In [1]:
import numpy as np
import pandas
from keras.models import Sequential
from keras.layers import Dense
from keras.wrappers.scikit_learn import KerasClassifier
from sklearn.model_selection import cross_val_score
from sklearn.preprocessing import LabelEncoder
from sklearn.model_selection import StratifiedKFold
from sklearn.preprocessing import StandardScaler
from sklearn.pipeline import Pipeline
from sklearn.utils import shuffle

  from ._conv import register_converters as _register_converters
Using TensorFlow backend.


In [2]:
seed = 7
np.random.seed(seed)

In [3]:
dataframe = pandas.read_csv("sonar.csv", header=None)

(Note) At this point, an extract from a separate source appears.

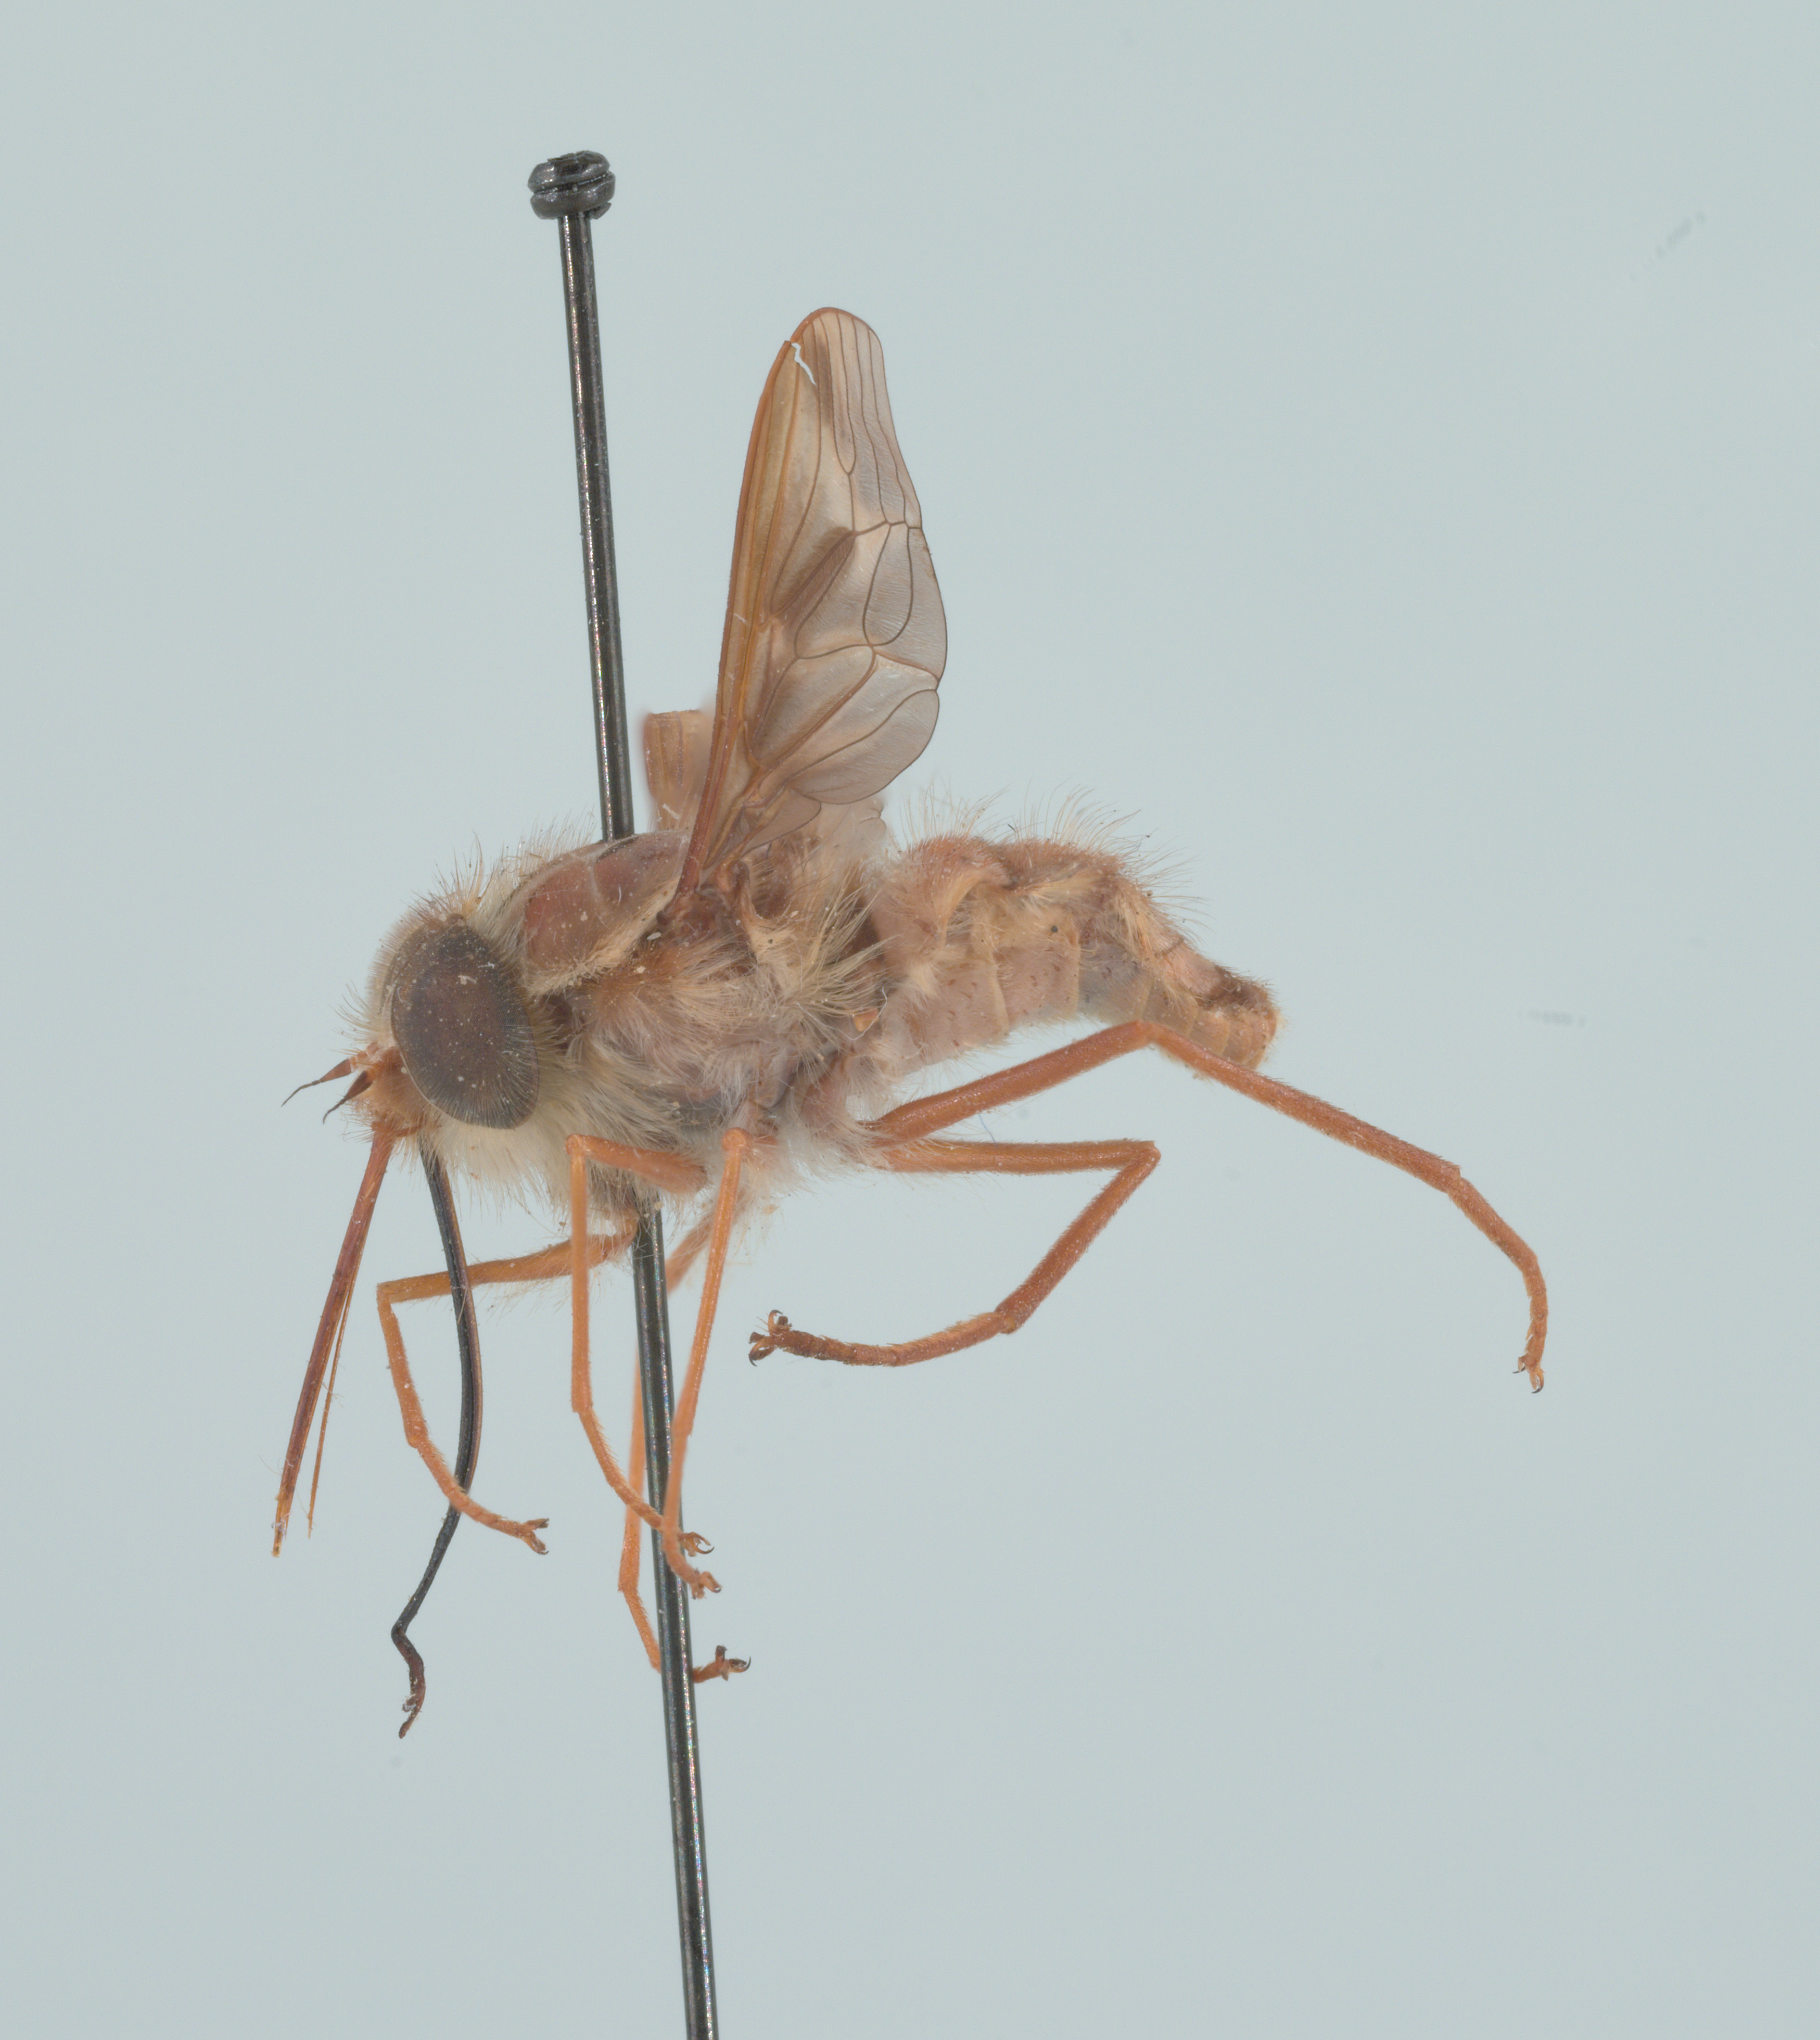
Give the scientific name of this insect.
Hirmoneura nubipennis (also Trichophthalma nubipennis)

dataset = dataframe.values

X = dataset[:, 0:60].astype(float)
Y = dataset[:, 60]

X[0].shape

(60,)

In [4]:
# baseline model
def create_baseline():
    model = Sequential()
    model.add(Dense(60, activation='relu', input_shape=(60,)))
    model.add(Dense(60, activation='relu'))
    model.add(Dense(1, activation='sigmoid'))
    # Compile model, write code below
    model.compile(optimizer='adam',
              loss='binary_crossentropy',
              metrics=['accuracy'])

    return model

In [5]:
# encode labels
le = LabelEncoder()
encoded_Y = le.fit(Y).transform(Y)
encoded_Y

array([1, 1, 1, 1, 1, 1, 1, 1, 1, 1, 1, 1, 1, 1, 1, 1, 1, 1, 1, 1, 1, 1,
       1, 1, 1, 1, 1, 1, 1, 1, 1, 1, 1, 1, 1, 1, 1, 1, 1, 1, 1, 1, 1, 1,
       1, 1, 1, 1, 1, 1, 1, 1, 1, 1, 1, 1, 1, 1, 1, 1, 1, 1, 1, 1, 1, 1,
       1, 1, 1, 1, 1, 1, 1, 1, 1, 1, 1, 1, 1, 1, 1, 1, 1, 1, 1, 1, 1, 1,
       1, 1, 1, 1, 1, 1, 1, 1, 1, 0, 0, 0, 0, 0, 0, 0, 0, 0, 0, 0, 0, 0,
       0, 0, 0, 0, 0, 0, 0, 0, 0, 0, 0, 0, 0, 0, 0, 0, 0, 0, 0, 0, 0, 0,
       0, 0, 0, 0, 0, 0, 0, 0, 0, 0, 0, 0, 0, 0, 0, 0, 0, 0, 0, 0, 0, 0,
       0, 0, 0, 0, 0, 0, 0, 0, 0, 0, 0, 0, 0, 0, 0, 0, 0, 0, 0, 0, 0, 0,
       0, 0, 0, 0, 0, 0, 0, 0, 0, 0, 0, 0, 0, 0, 0, 0, 0, 0, 0, 0, 0, 0,
       0, 0, 0, 0, 0, 0, 0, 0, 0, 0], dtype=int64)

In [6]:
# evaluate baseline model
estimator = KerasClassifier(build_fn=create_baseline, epochs=100, batch_size=5, verbose=0)
kfold = StratifiedKFold(n_splits=5, shuffle=True, random_state=seed)
results = cross_val_score(estimator, X, encoded_Y, cv=kfold)
print("Results: Accuracy %.2f%%, Error (%.2f%%)" % (results.mean()*100, results.std()*100))

Results: Accuracy 84.14%, Error (6.78%)


In [7]:
# evaluate baseline model with standardized dataset
np.random.seed(seed)
estimators = []
estimators.append(('standardize', StandardScaler()))
estimators.append(('mlp', KerasClassifier(build_fn=create_baseline, epochs=100, batch_size=5, verbose=0)))
pipeline = Pipeline(estimators)
kfold = StratifiedKFold(n_splits=10, shuffle=True, random_state=seed)
results = cross_val_score(pipeline, X, encoded_Y, cv=kfold)
print("Standardized: Accuracy %.2f%%, Error (%.2f%%)" % (results.mean()*100, results.std()*100))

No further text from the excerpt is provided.